[Listed records Boundary: Start]

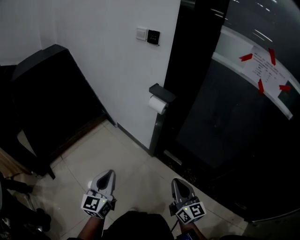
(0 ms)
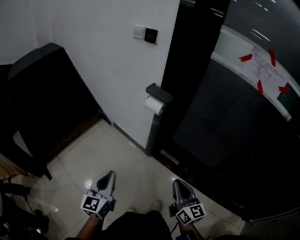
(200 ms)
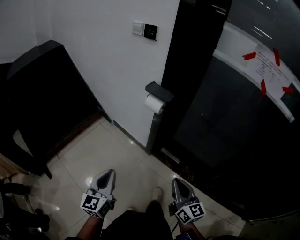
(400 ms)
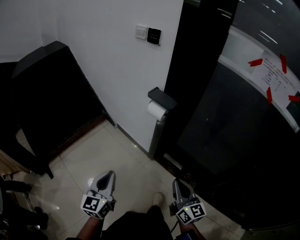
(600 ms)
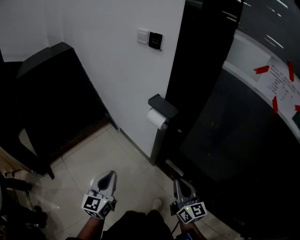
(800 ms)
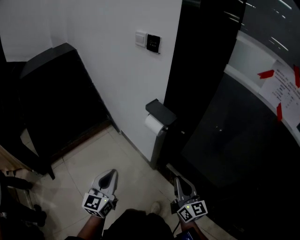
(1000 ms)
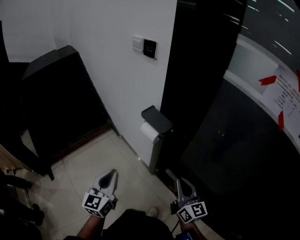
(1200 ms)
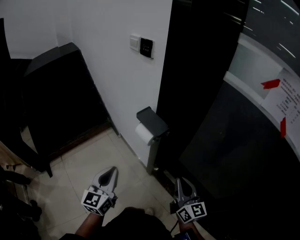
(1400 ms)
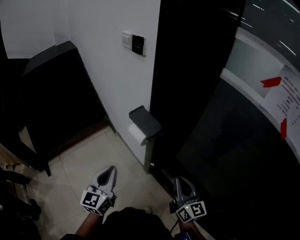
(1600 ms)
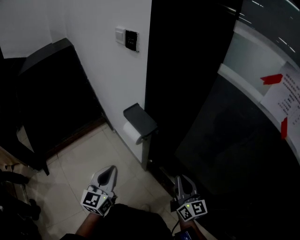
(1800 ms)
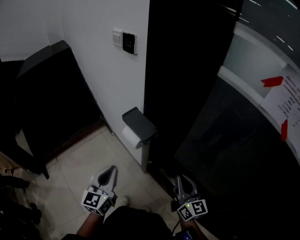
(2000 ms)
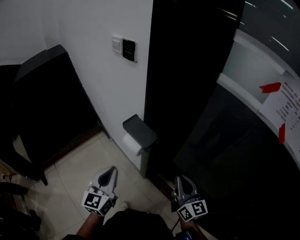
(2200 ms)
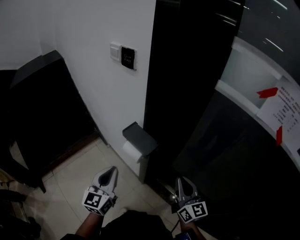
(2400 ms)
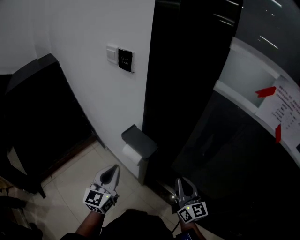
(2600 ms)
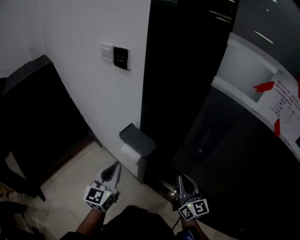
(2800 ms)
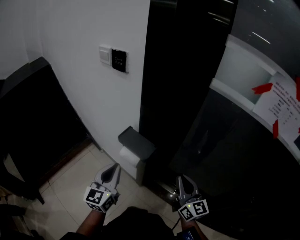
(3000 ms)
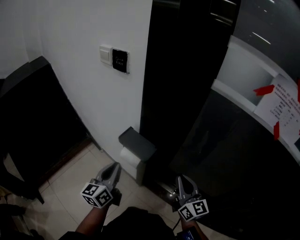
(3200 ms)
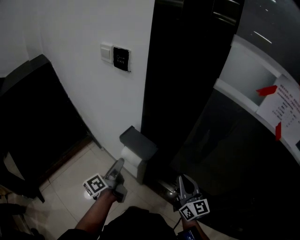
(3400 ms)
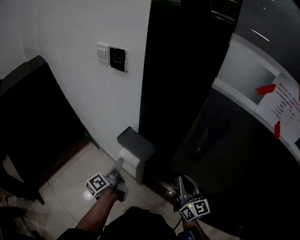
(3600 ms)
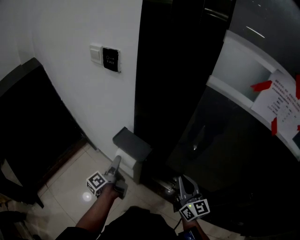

[Listed records Boundary: End]

**Exercise brief**
In your copy, repeat the records above exactly and include no images.

**Reply to the exercise**
(0 ms)
(200 ms)
(400 ms)
(600 ms)
(800 ms)
(1000 ms)
(1200 ms)
(1400 ms)
(1600 ms)
(1800 ms)
(2000 ms)
(2200 ms)
(2400 ms)
(2600 ms)
(2800 ms)
(3000 ms)
(3200 ms)
(3400 ms)
(3600 ms)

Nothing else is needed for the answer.